Pulmonology

Genetic testing for pulmonology

Our panels include over 3,900 genes selected based on curated gene reviews, variant databases (HGMD and ClinVar), most recent literature, and customer requests. We offer enhanced clinical utility, maximized diagnostic yield, empowered differential diagnosis as well as analytically validated up-to-date genes across all our panels. Difficult-to-sequence genes are covered with high quality enabling true diagnostic impact in challenging patient cases.

Pulmonary diseases have high genetic heterogeneity with significant phenotypic overlap. Given the great number of genes and mutations underlying hereditary pulmonary diseases, NGS and multi-gene panels are often cost-effective primary options for genetic diagnostics for these diseases.

What genetic diagnostics can offer patients with pulmonological diseases

Genetic diagnostics are often the most efficient way to subtype hereditary pulmonary diseases, and they provide the necessary information to make confident individualized treatment and management decisions. Specifically, variation in the CFTR gene that causes cystic fibrosis, is targeted in this category. Screening may enable targeted, genotype specific therapies to improve CFTR function possible, as recommended by a recent publication (PMID: 26403534). In addition to cystic fibrosis, determining the exact underlying genetic defect in any hereditary pulmonary disease heavily affects genetic counseling and risk assessment.

Another example of the utility of genetic testing in hereditary pulmonary diseases is shown through primary ciliary dyskinesia (PCD) cases. PCD is a genetic disorder affecting the function of motile cilia. Clinically, PCD may present with neonatal respiratory distress, chronic coughing, and recurrent sinus or ear infections.
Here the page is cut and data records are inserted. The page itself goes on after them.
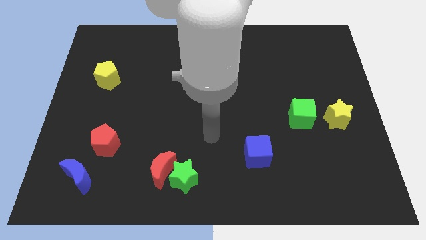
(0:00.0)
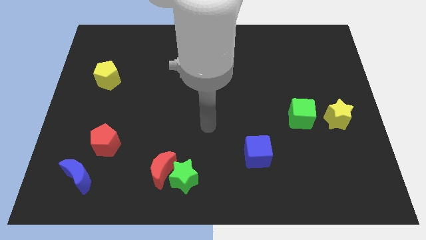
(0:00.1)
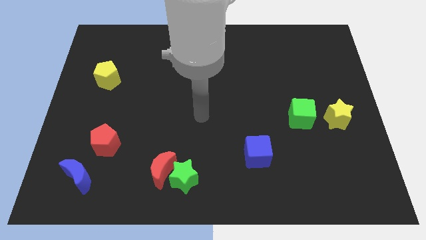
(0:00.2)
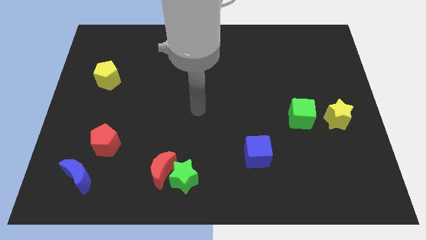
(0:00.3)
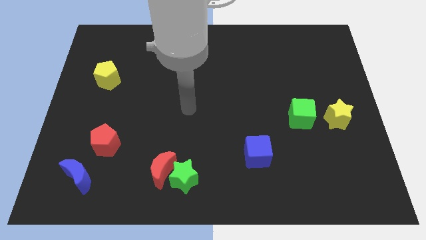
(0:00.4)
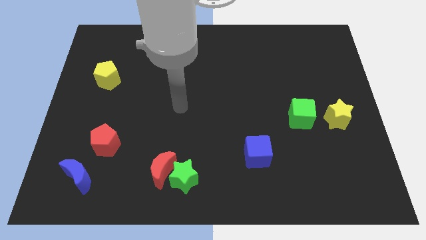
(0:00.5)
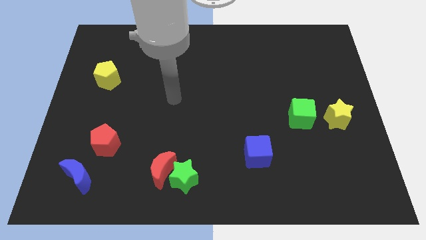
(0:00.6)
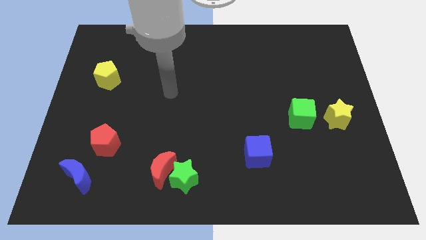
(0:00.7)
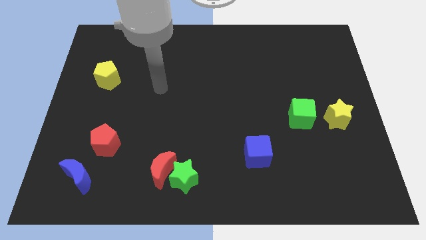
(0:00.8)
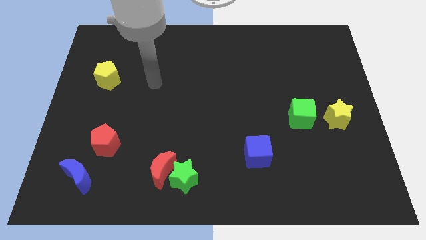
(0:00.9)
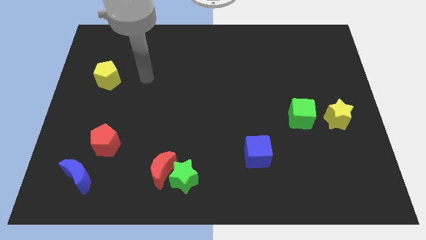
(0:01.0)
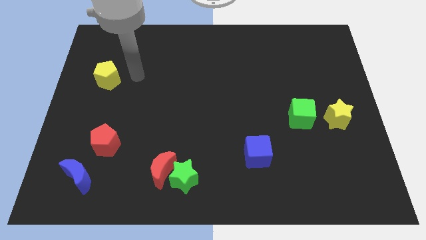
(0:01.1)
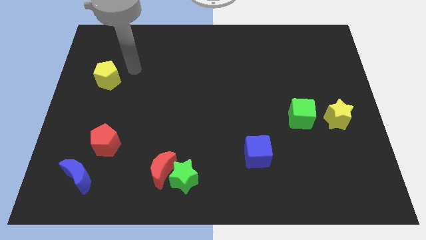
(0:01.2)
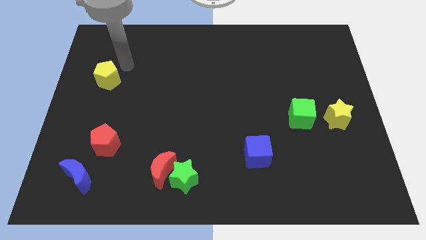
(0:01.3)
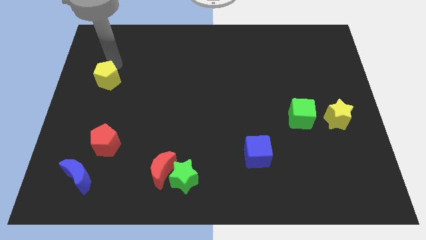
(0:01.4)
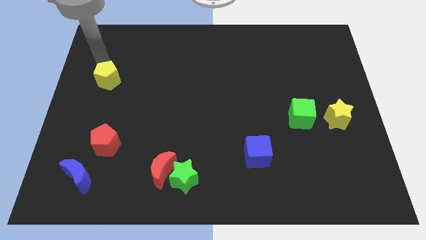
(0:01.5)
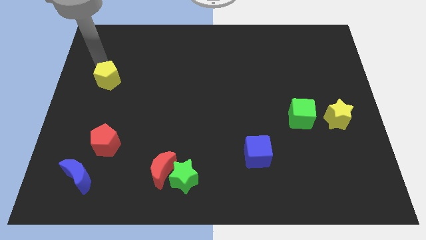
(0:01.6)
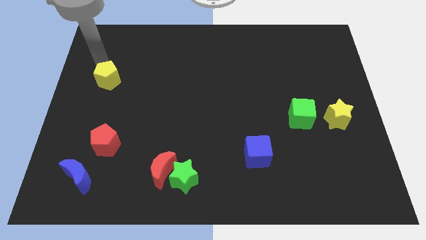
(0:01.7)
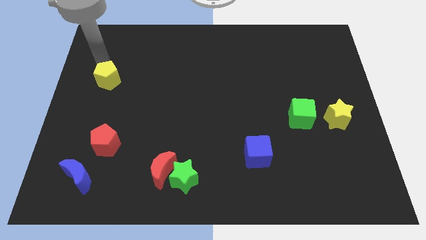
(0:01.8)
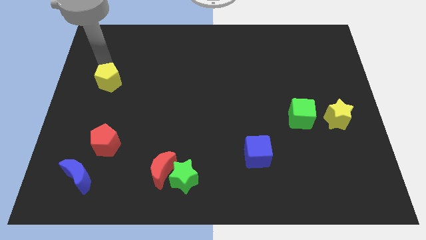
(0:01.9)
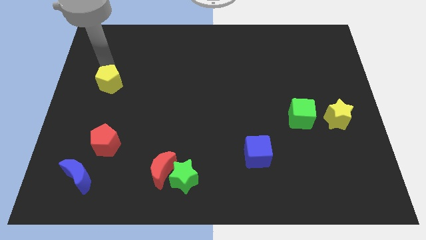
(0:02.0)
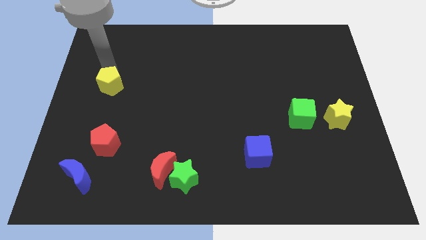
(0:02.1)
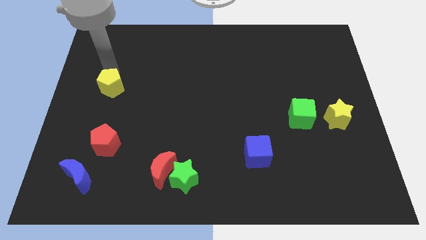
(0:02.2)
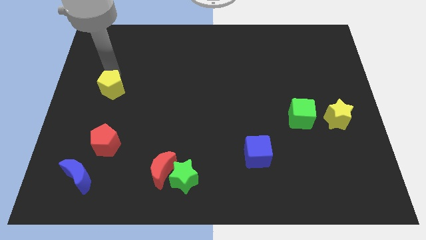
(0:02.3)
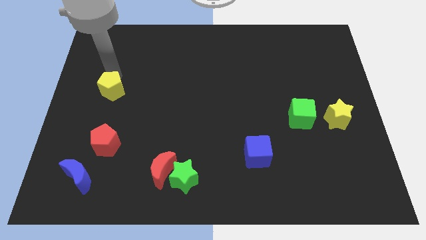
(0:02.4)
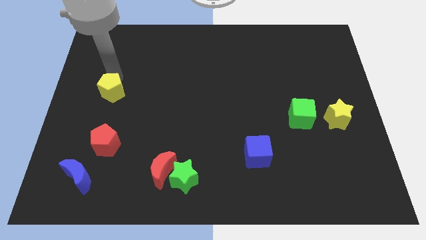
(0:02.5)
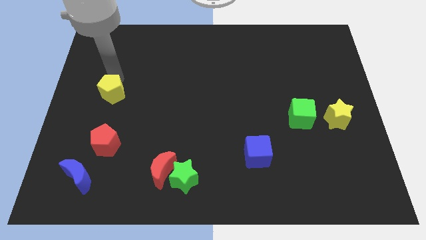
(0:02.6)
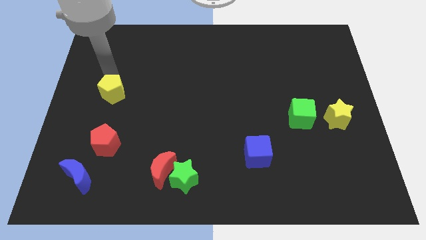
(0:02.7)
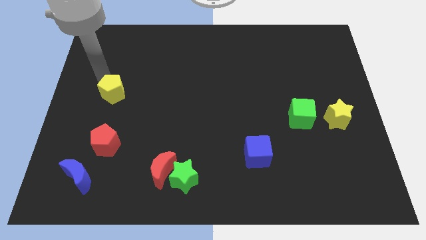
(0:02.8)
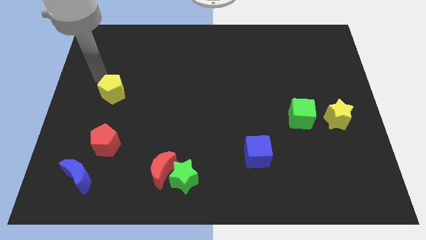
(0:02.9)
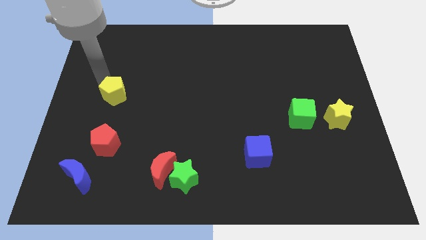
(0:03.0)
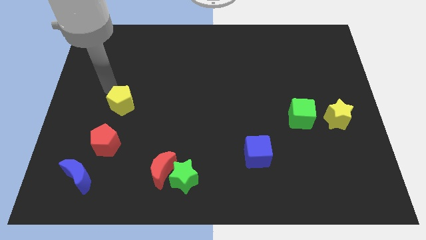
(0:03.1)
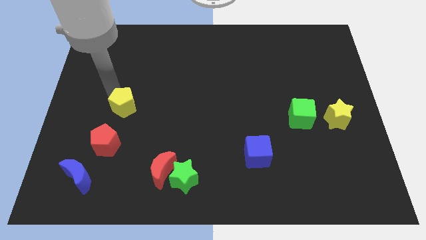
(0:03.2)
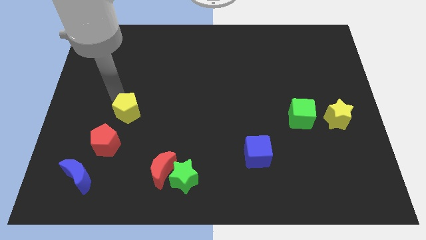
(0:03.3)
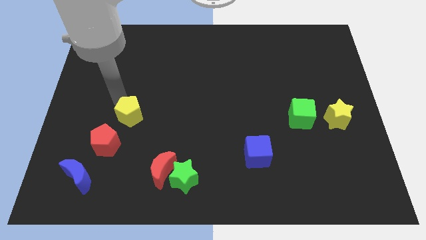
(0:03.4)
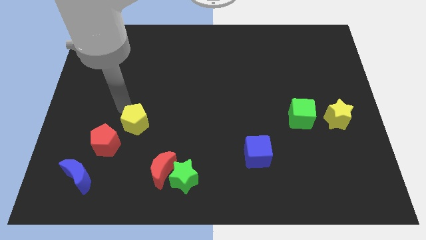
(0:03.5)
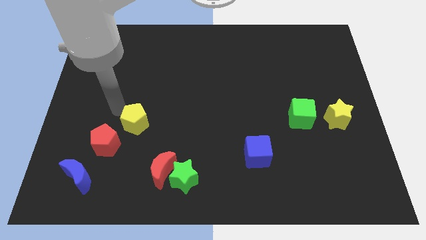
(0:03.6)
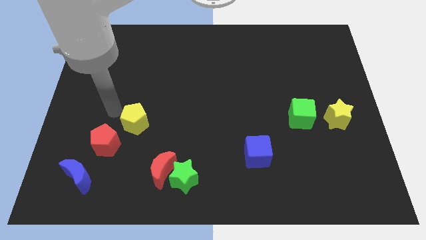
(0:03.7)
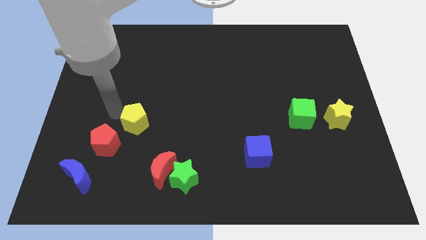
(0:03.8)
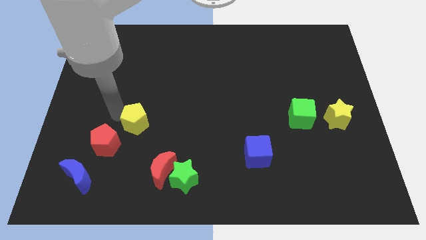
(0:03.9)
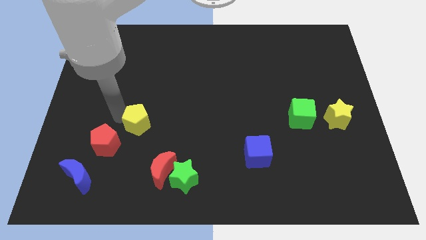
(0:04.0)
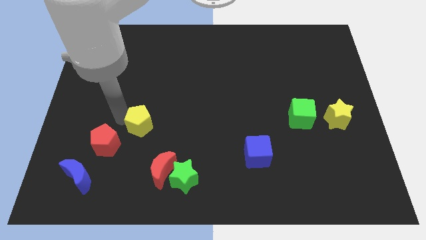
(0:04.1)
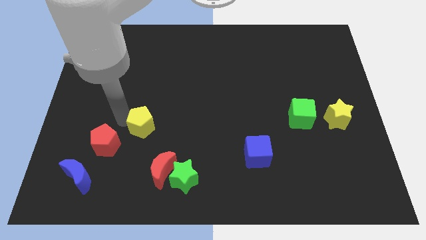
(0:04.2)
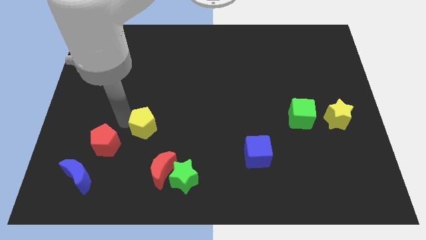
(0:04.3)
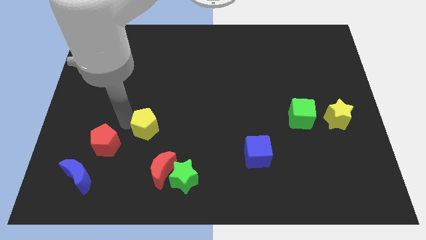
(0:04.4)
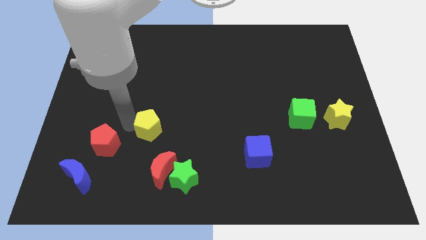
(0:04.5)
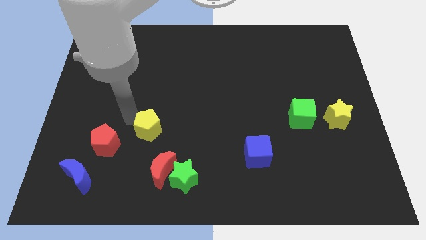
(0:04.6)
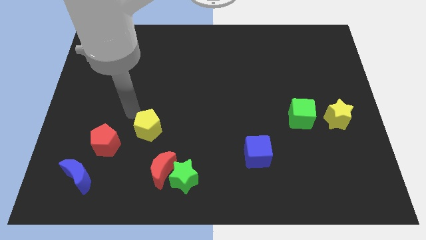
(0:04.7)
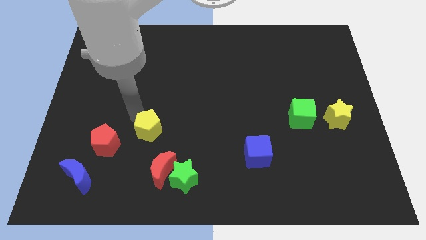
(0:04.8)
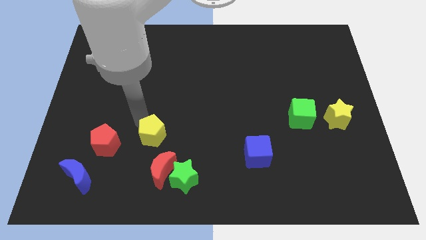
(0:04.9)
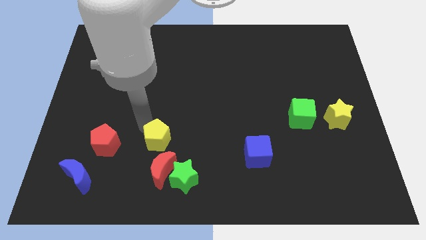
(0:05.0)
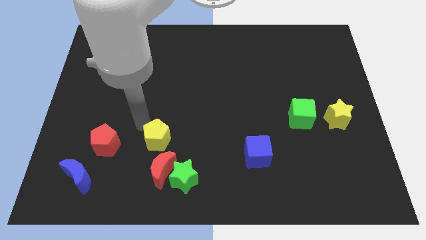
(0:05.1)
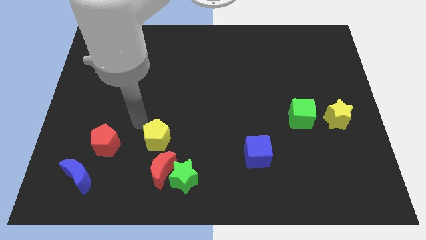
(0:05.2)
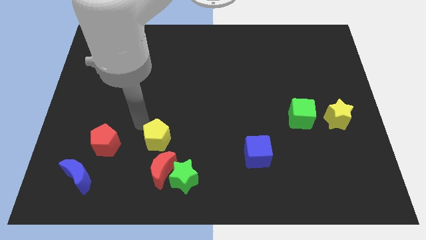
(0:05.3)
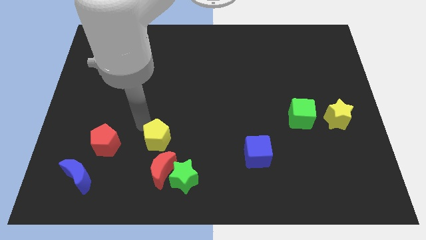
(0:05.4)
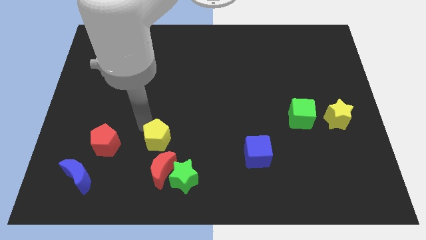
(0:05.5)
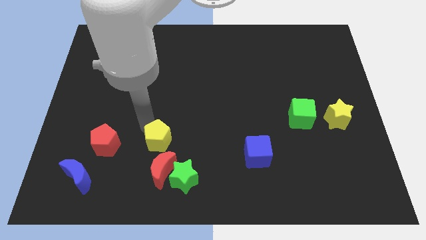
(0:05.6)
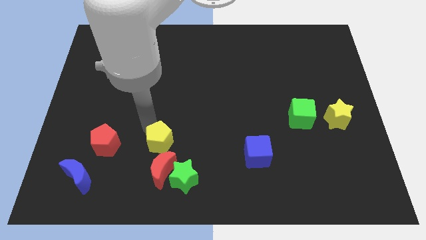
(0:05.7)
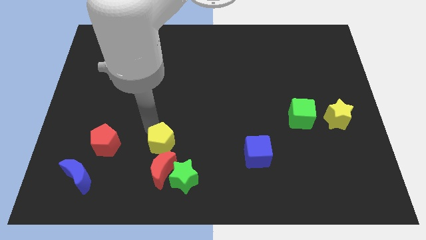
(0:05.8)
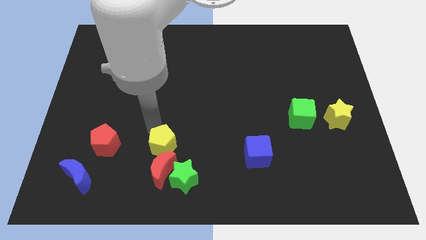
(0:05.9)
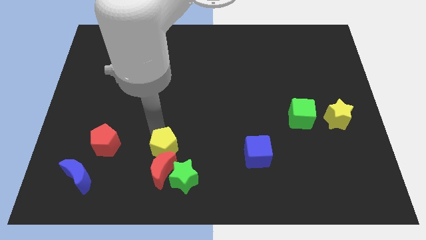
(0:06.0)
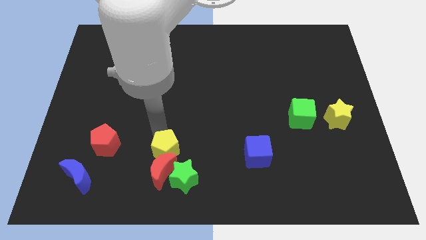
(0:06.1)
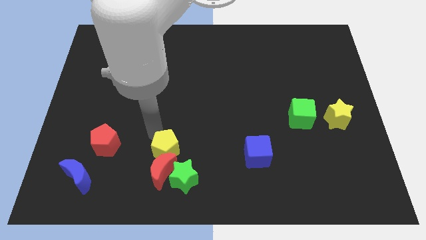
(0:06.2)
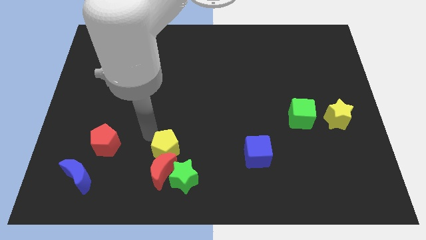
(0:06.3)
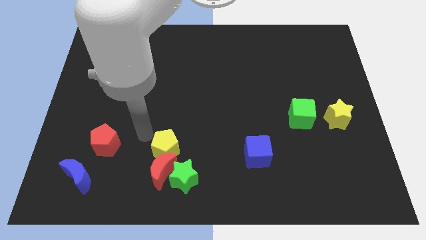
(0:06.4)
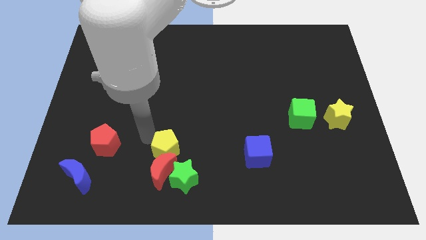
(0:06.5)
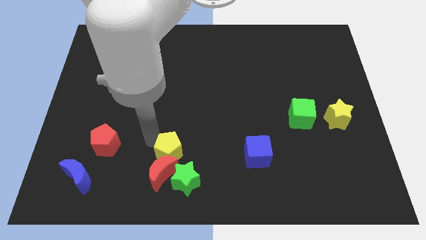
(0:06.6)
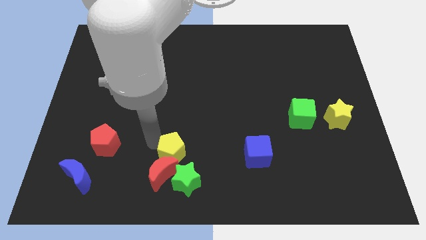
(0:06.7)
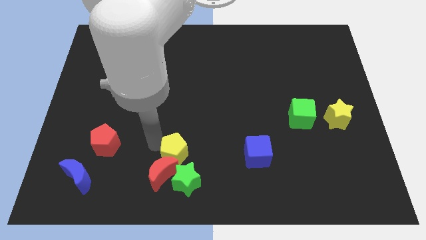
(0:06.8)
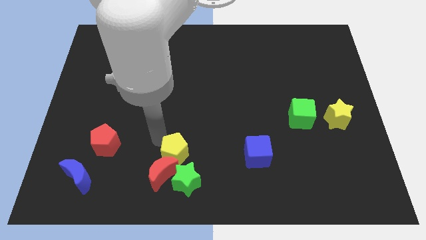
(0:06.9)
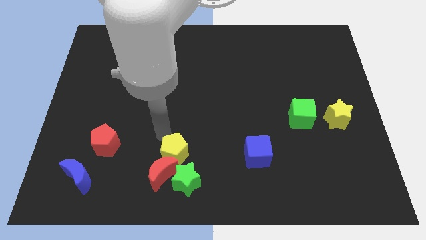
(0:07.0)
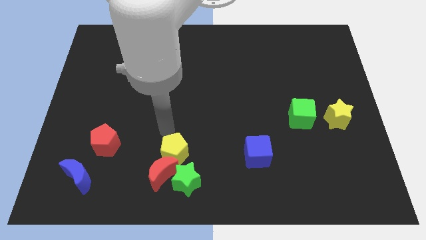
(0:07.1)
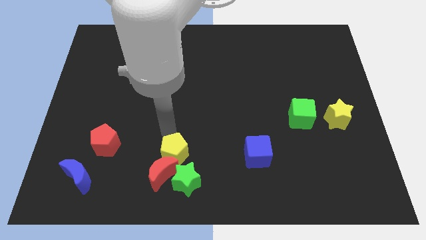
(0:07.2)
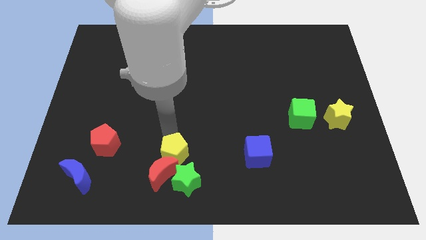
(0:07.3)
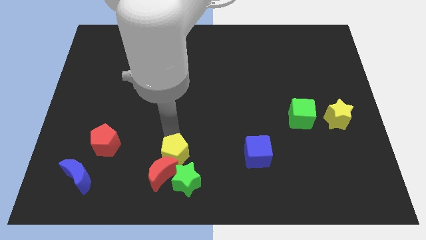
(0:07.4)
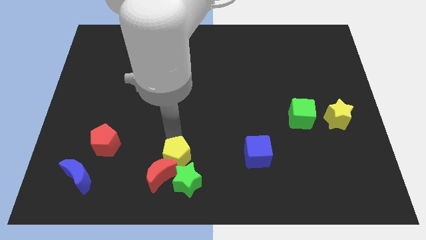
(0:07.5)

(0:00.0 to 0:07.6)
put the yellow pentagon towards the green star

In 15–50% of PCD cases, some or even all major visceral organs are reversed from their normal positions – the partial form called situs ambiguous/heterotaxy, and the complete form situs inversus. Genetic diagnosis helps in understanding a patient’s symptomology, and testing will differentiate it from cystic fibrosis, which may mimic the clinical presentation of PCD.

Identifying at-risk family members makes it possible to begin preventive treatments and/or make lifestyle recommendations. It also justifies routine follow-ups by health care professionals. Genetic diagnostics can help in family planning.